The Minus 5 I Don’t Know Who I Am
(Return to Sender/Normal)

It is time to stop thinking of this mischievous combo as an
R.E.M. side project. Yes, singer-guitarist Scott McCaughey is a
veteran R.E.M. sideman. Yes, he co-founded this loose aggregate of
singers and players with R.E.M. guitarist Peter Buck. But
McCaughey, also the longtime wit and voice of the Young Fresh
Fellows, is a smart, sharp songwriter with an encyclopedic grip on
rock & roll classicism. Indeed, his bigger problem may be that
some people mistake his cunning for mere cleverness. This special
German release should fix that.
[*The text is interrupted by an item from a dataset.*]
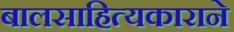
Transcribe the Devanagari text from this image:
बालसाहित्यकाराने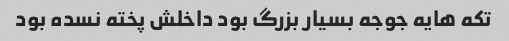
تکه هایه جوجه بسیار بزرگ بود داخلش پخته نسده بود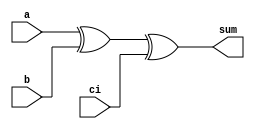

Recorded for but not used on the
Minus 5’s 2001 album, Let the War on Music Begin, these
songs are about civil war — the internal kind — and McCaughey
sings them with magnetic candor inside music (played by various
Minus 5 friends including Jeff Tweedy of Wilco) that is spidery,
spectral and not just for R.E.M. completists.
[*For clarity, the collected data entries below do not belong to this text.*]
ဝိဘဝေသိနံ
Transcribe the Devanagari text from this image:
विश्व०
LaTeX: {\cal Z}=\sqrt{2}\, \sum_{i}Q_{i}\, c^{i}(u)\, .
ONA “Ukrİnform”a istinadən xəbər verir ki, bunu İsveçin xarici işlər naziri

A Soldier’s Sad Story — Vietnam Through the Eyes of Black
America 1966-73
(Kent)

This remarkable compilation is a timely reminder of the high,
hidden costs of war, the ones you don’t hear about in Pentagon
briefings. In these twenty-four dynamite R&B sides, written and
recorded at the height of the Vietnam conflict, black men and women
alike battle fear, loneliness and loss, at the front and back home.
Among the mighty voices raised in anger, worry and triumphant soul:
Freda Payne (“Bring the Boys Home”), Mel and Tim (“Mail Call
Time”), Joe Tex (“I Believe I’m Gonna Make It”), Swamp Dogg (his
gritty reading of John Prine’s “Sam Stone”) and Tiny Watkins (“A
Soldier’ Sad Story”). Listen in admiration and amazement, then pray
that history does not repeat itself.

The Golden Hornet Project

This protean body of music — twenty CD-Rs, packaged in a
custom, three-ring binder — was independently released in 2002. I
didn’t hear it until last spring, and it will be far into 2004
before I fully absorb the ambition and invention of instigators
Graham Reynolds and Peter Stopschinski. I know Reynolds best as the
drummer-pianist and leader of the Golden Arm Trio, an Austin,
Texas-based power-jazz merger of John Zorn’s Naked City and the
1970s radical-prog band Henry Cow. But Reynolds — like Zorn,
without the heavy weather — freely charges into other realms as a
composer-performer: string quartets, symphonies, soundtracks,
improvised super-rock. The Golden Hornet Project is, in a
sense, his collaborative autobiography with friend and composer
Stopschinski, a catalog of their adventures crossbreeding classical
futurism and punk esprit. Among my faves here so far: a live Golden
Arm blowout at the Austin club Emo’s in 2001; the group’s score to
F.W. Murneau’s 1926 silent film, Faust; and the
Magma-Boredoms-like bass-drums rumble of AARFYSTEE. You can buy the
entire set for five bucks a disk, or order separate (and
additional) works on CD-R for about the same rate at
goldenhornetproject.com — not much to ask for a leap of faith.